ASSIGNMENT ▸ Copy out every line of the records in which "polygon" can be found.

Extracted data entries
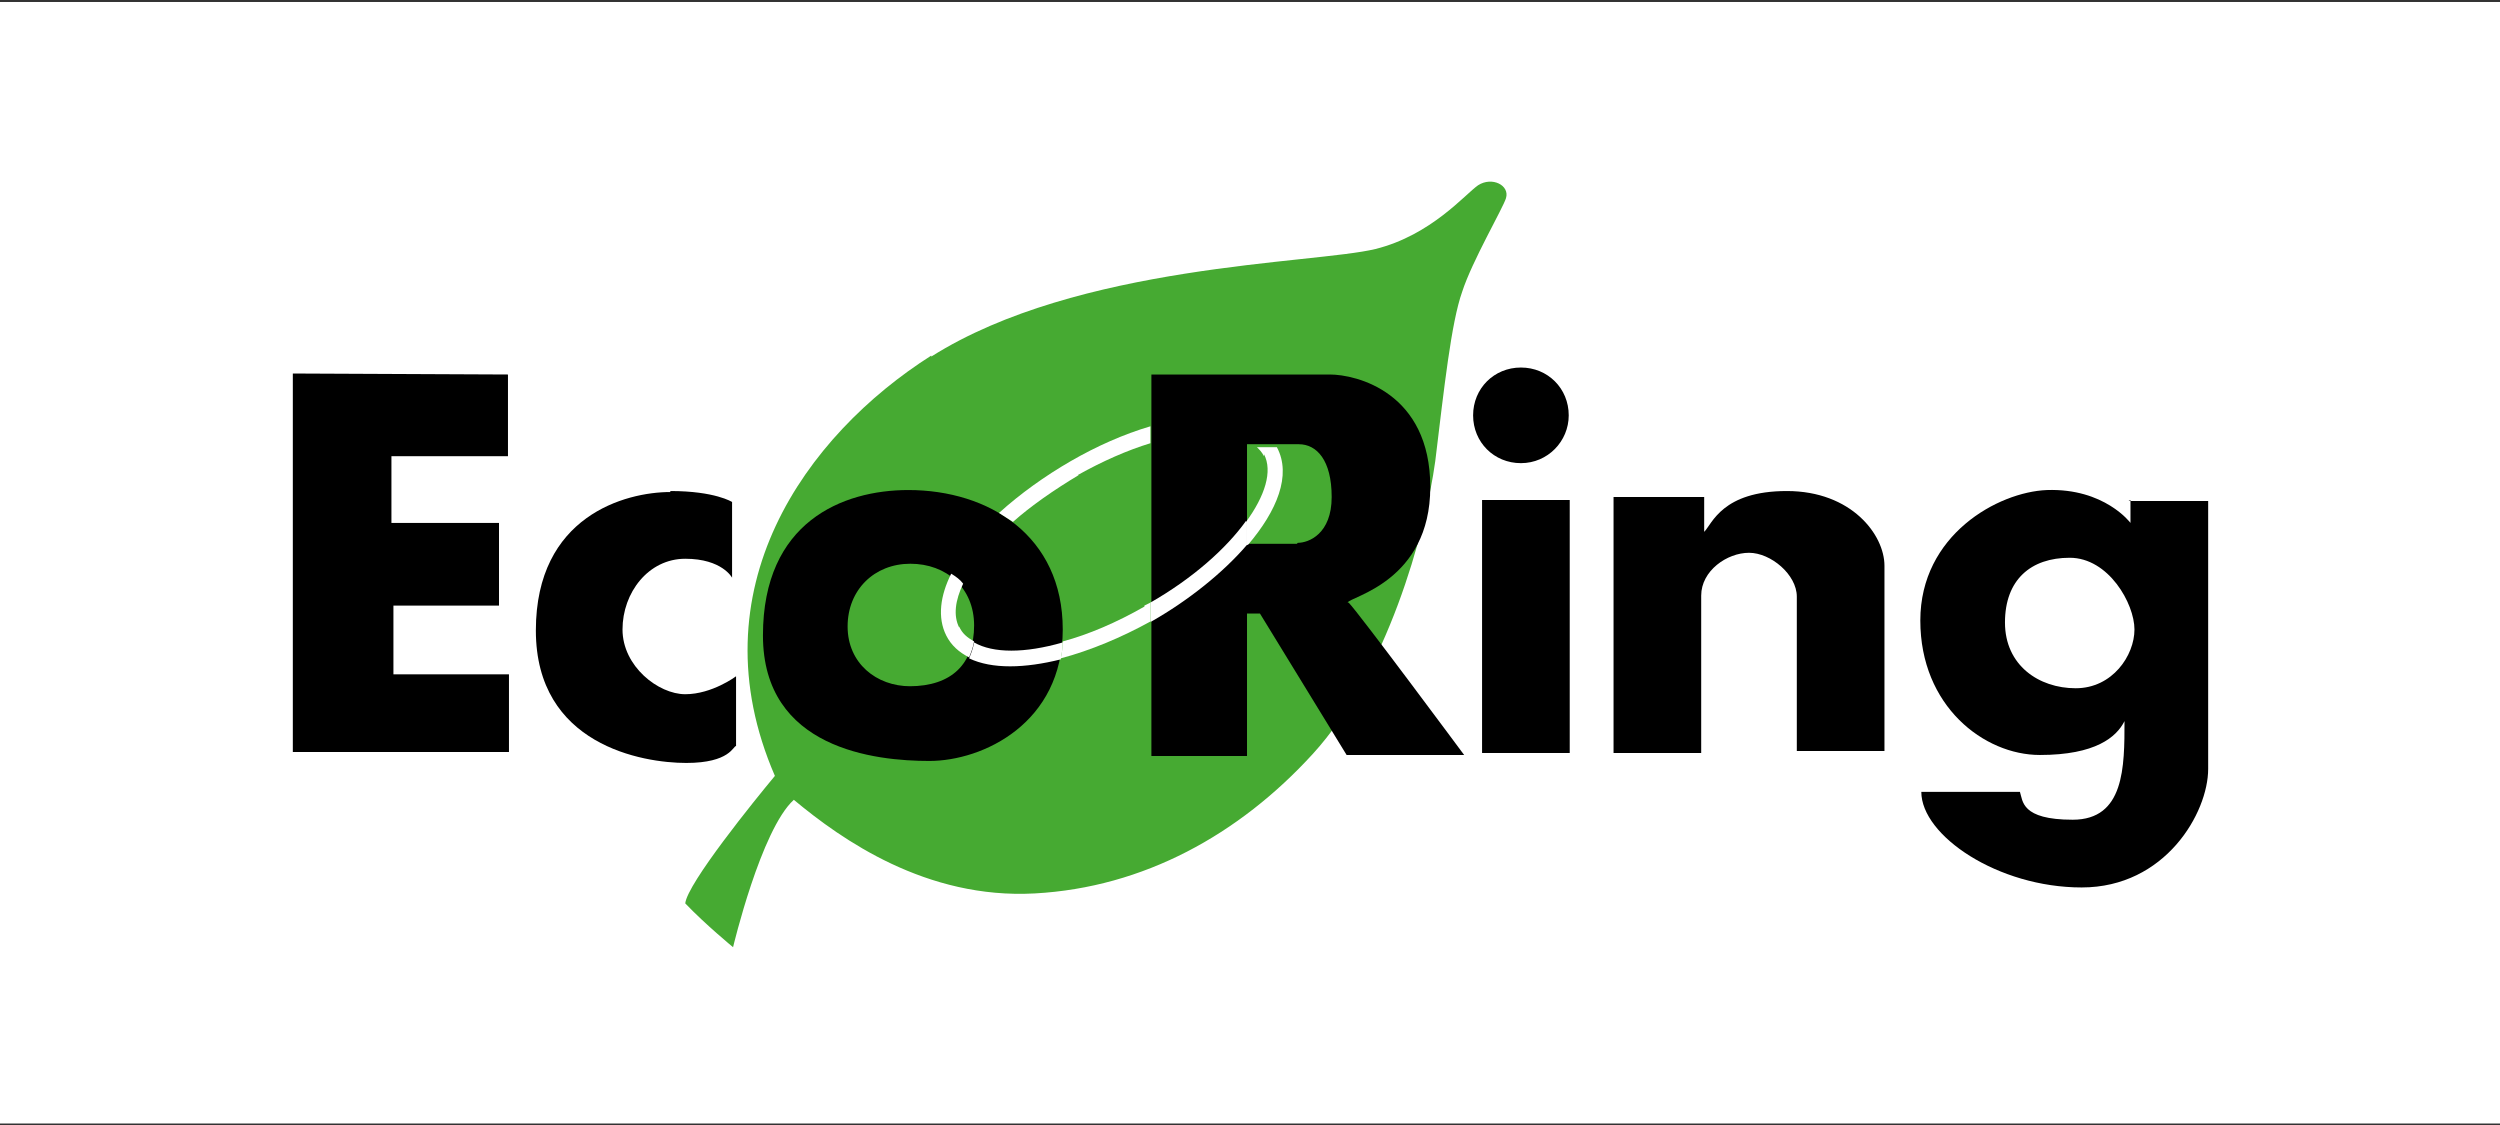 <?xml version="1.0" encoding="UTF-8"?>
<svg xmlns="http://www.w3.org/2000/svg" width="251" height="113" version="1.1" viewBox="0 0 251 113">
  <rect x="0" y="0" width="251" height="113" fill="#333333" stroke="none"/>
  <!-- Generator: Adobe Illustrator 28.6.0, SVG Export Plug-In . SVG Version: 1.2.0 Build 709)  -->
  <g>
    <g id="_レイヤー_1" data-name="レイヤー_1">
      <g>
        <rect y=".2" width="251" height="112.6" fill="#fff"/>
        <path d="M93.5,35.7c-12.6,8-23.8,23.5-15.7,42.2-2,2.4-8.8,10.8-9,12.8,2,2.1,4.8,4.4,4.8,4.4,0,0,2.8-11.8,6.1-14.8,4.8,4,13.3,10,24.2,9.4,10.9-.6,20.5-5.9,27.9-14,7.4-8.1,11.3-22.1,12.3-29.4.9-7.4,1.6-13.9,2.7-17,1-3.1,4.1-8.4,4.4-9.4.4-1.3-1.4-2.2-2.8-1.3-1.3.9-4.7,5-10.3,6.4-6.2,1.5-29.9,1.5-44.6,10.8" fill="#46aa32"/>
        <polygon points="29.4 37.5 29.4 75.5 51.1 75.5 51.1 67.7 39.5 67.7 39.5 60.8 50.1 60.8 50.1 52.5 39.3 52.5 39.3 45.8 51 45.8 51 37.6 29.4 37.5"/>
        <path d="M67.3,49.4c-4.5,0-13.5,2.4-13.5,13.9s10.7,13.3,15.1,13.3,4.7-1.7,5-1.7v-7s-2.4,1.8-5.1,1.8-6.3-2.8-6.3-6.5,2.6-7.1,6.3-7.1,4.7,1.9,4.7,1.9v-7.6s-1.7-1.1-6.2-1.1"/>
        <path d="M91.4,68.9c-3.4,0-6.3-2.3-6.3-6s2.7-6.3,6.3-6.3,6.4,2.4,6.4,6.2-2.2,6.1-6.5,6.1M91.2,49.2c-6.6,0-14.6,3.2-14.6,14.6s11.3,12.6,16.7,12.6,13.4-3.8,13.4-13.2-7.4-14-15.5-14"/>
        <path d="M130.2,54.6h-5v-10s3.4,0,5.2,0,3.3,1.6,3.3,5.3-2.3,4.6-3.4,4.6M135.3,60.5c.2-.6,8.3-2.1,8.3-11.6s-7.4-11.3-10.1-11.3-17.9,0-17.9,0v38.3s9.6,0,9.6,0v-14.3h1.3l8.7,14.2h11.8s-10.6-14.3-11.6-15.3"/>
        <polygon points="148.8 50.2 148.8 75.6 157.6 75.6 157.6 50.2 148.8 50.2"/>
        <path d="M162,49.9v25.7h8.8v-15.8c0-2.5,2.6-4.3,4.8-4.3s4.8,2.2,4.8,4.4v15.5h8.8v-18.6c0-3.1-3.3-7.5-9.8-7.5s-7.5,3.3-8.3,4.1c0-2.7,0-3.5,0-3.5h-9.2Z"/>
        <path d="M208.4,69.1c-3.7,0-7.1-2.3-7.1-6.6s2.6-6.5,6.5-6.5,6.5,4.6,6.5,7.2-2.2,5.9-5.9,5.9M213.9,50.2v2.3s-2.6-3.5-8.4-3.3c-4.9.2-12.7,4.5-12.7,13.1s6.4,13.5,12,13.5,7.7-1.8,8.5-3.4c0,4.6,0,9.9-5.2,9.9s-5-1.9-5.3-2.8h-9.9c0,4.4,7.7,9.6,16.1,9.6s12.7-7.5,12.7-11.9v-26.9h-8Z"/>
        <path d="M157.5,41.7c0,2.6-2.1,4.8-4.8,4.8s-4.8-2.1-4.8-4.8,2.1-4.8,4.8-4.8,4.8,2.1,4.8,4.8"/>
        <path d="M114.9,60.9c-2.8,1.6-5.6,2.8-8.2,3.5,0,.6-.1,1.2-.2,1.7,3-.8,6.1-2.1,9-3.7v-1.9c-.2.1-.4.2-.6.3" fill="#fff"/>
        <path d="M126.9,45.6c.9,1.7.1,4.2-1.8,6.8v2.3h.2c2.9-3.4,4.4-7,2.9-9.8,0,0,0,0,0,0-.7,0-1.4,0-2,0,.3.3.5.5.7.9" fill="#fff"/>
        <path d="M96.3,63c-.6-1.2-.4-2.7.4-4.4-.3-.4-.7-.7-1.2-1-1.1,2.2-1.4,4.4-.5,6.2.5,1,1.3,1.7,2.3,2.2.2-.5.4-1,.5-1.6-.7-.4-1.2-.8-1.5-1.5" fill="#fff"/>
        <path d="M108.2,47.7c2.5-1.4,5-2.5,7.3-3.2v-1.7c-2.7.8-5.4,2-8,3.5-2.6,1.5-5.1,3.3-7.2,5.2.5.3.9.6,1.4.9,1.8-1.6,4.1-3.2,6.6-4.7" fill="#fff"/>
        <path d="M97.8,64.5c-.1.6-.3,1.1-.5,1.6,2.3,1.1,5.6,1,9.2.1.1-.6.2-1.1.2-1.7-3.8,1.1-7,1.1-8.9,0" fill="#fff"/>
        <path d="M125.3,54.6h-.2v-2.3c-2,2.8-5.4,5.8-9.6,8.2v1.9s0,0,.1,0c3.7-2.1,7.2-4.9,9.6-7.7" fill="#fff"/>
      </g>
    </g>
  </g>
</svg>

ANSWER SPACE ▸
        <polygon points="29.4 37.5 29.4 75.5 51.1 75.5 51.1 67.7 39.5 67.7 39.5 60.8 50.1 60.8 50.1 52.5 39.3 52.5 39.3 45.8 51 45.8 51 37.6 29.4 37.5"/>
        <polygon points="148.8 50.2 148.8 75.6 157.6 75.6 157.6 50.2 148.8 50.2"/>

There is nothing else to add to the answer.